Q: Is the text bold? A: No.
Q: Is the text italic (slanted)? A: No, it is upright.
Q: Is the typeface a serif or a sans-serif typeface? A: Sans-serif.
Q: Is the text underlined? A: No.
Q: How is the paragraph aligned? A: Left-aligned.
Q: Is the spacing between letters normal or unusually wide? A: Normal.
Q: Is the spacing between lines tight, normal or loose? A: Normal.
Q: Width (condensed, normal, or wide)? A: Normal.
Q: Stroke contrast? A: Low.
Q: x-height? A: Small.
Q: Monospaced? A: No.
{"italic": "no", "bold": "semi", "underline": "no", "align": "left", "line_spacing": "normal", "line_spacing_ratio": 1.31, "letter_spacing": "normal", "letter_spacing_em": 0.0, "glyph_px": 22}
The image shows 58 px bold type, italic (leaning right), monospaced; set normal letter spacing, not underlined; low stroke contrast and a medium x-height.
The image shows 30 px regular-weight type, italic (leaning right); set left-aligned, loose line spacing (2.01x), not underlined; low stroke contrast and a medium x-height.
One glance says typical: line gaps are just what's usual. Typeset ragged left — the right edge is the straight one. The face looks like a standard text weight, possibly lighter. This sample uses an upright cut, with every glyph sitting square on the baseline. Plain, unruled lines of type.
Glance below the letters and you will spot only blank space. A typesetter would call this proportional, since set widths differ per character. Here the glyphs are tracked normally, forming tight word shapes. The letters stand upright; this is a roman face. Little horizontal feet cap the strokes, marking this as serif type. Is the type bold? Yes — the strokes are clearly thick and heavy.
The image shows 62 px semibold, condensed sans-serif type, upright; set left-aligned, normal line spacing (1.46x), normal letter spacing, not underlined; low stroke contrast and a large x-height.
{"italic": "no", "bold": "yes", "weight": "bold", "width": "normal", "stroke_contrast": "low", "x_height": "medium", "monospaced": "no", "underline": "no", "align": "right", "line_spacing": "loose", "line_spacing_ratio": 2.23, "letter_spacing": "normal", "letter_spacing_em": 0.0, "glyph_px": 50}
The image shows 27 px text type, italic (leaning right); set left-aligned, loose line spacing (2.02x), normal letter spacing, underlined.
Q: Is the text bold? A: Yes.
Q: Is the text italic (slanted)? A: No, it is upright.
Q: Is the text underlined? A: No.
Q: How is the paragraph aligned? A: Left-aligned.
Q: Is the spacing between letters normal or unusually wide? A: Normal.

▸ **Exercise**: The whole listing should be transcribed word for word.

▸ **Solution to the problem**:
Q: Is the text bold? A: No.
Q: Is the text italic (slanted)? A: No, it is upright.
Q: Is the typeface a serif or a sans-serif typeface? A: Sans-serif.
Q: Is the text underlined? A: No.
Q: How is the paragraph aligned? A: Left-aligned.
Q: Is the spacing between letters normal or unusually wide? A: Normal.
Q: Is the spacing between lines tight, normal or loose? A: Normal.
Q: Width (condensed, normal, or wide)? A: Normal.
Q: Stroke contrast? A: Low.
Q: x-height? A: Small.
Q: Monospaced? A: No.
{"italic": "no", "bold": "semi", "underline": "no", "align": "left", "line_spacing": "normal", "line_spacing_ratio": 1.31, "letter_spacing": "normal", "letter_spacing_em": 0.0, "glyph_px": 22}
The image shows 58 px bold type, italic (leaning right), monospaced; set normal letter spacing, not underlined; low stroke contrast and a medium x-height.
The image shows 30 px regular-weight type, italic (leaning right); set left-aligned, loose line spacing (2.01x), not underlined; low stroke contrast and a medium x-height.
One glance says typical: line gaps are just what's usual. Typeset ragged left — the right edge is the straight one. The face looks like a standard text weight, possibly lighter. This sample uses an upright cut, with every glyph sitting square on the baseline. Plain, unruled lines of type.
Glance below the letters and you will spot only blank space. A typesetter would call this proportional, since set widths differ per character. Here the glyphs are tracked normally, forming tight word shapes. The letters stand upright; this is a roman face. Little horizontal feet cap the strokes, marking this as serif type. Is the type bold? Yes — the strokes are clearly thick and heavy.
The image shows 62 px semibold, condensed sans-serif type, upright; set left-aligned, normal line spacing (1.46x), normal letter spacing, not underlined; low stroke contrast and a large x-height.
{"italic": "no", "bold": "yes", "weight": "bold", "width": "normal", "stroke_contrast": "low", "x_height": "medium", "monospaced": "no", "underline": "no", "align": "right", "line_spacing": "loose", "line_spacing_ratio": 2.23, "letter_spacing": "normal", "letter_spacing_em": 0.0, "glyph_px": 50}
The image shows 27 px text type, italic (leaning right); set left-aligned, loose line spacing (2.02x), normal letter spacing, underlined.
Q: Is the text bold? A: Yes.
Q: Is the text italic (slanted)? A: No, it is upright.
Q: Is the text underlined? A: No.
Q: How is the paragraph aligned? A: Left-aligned.
Q: Is the spacing between letters normal or unusually wide? A: Normal.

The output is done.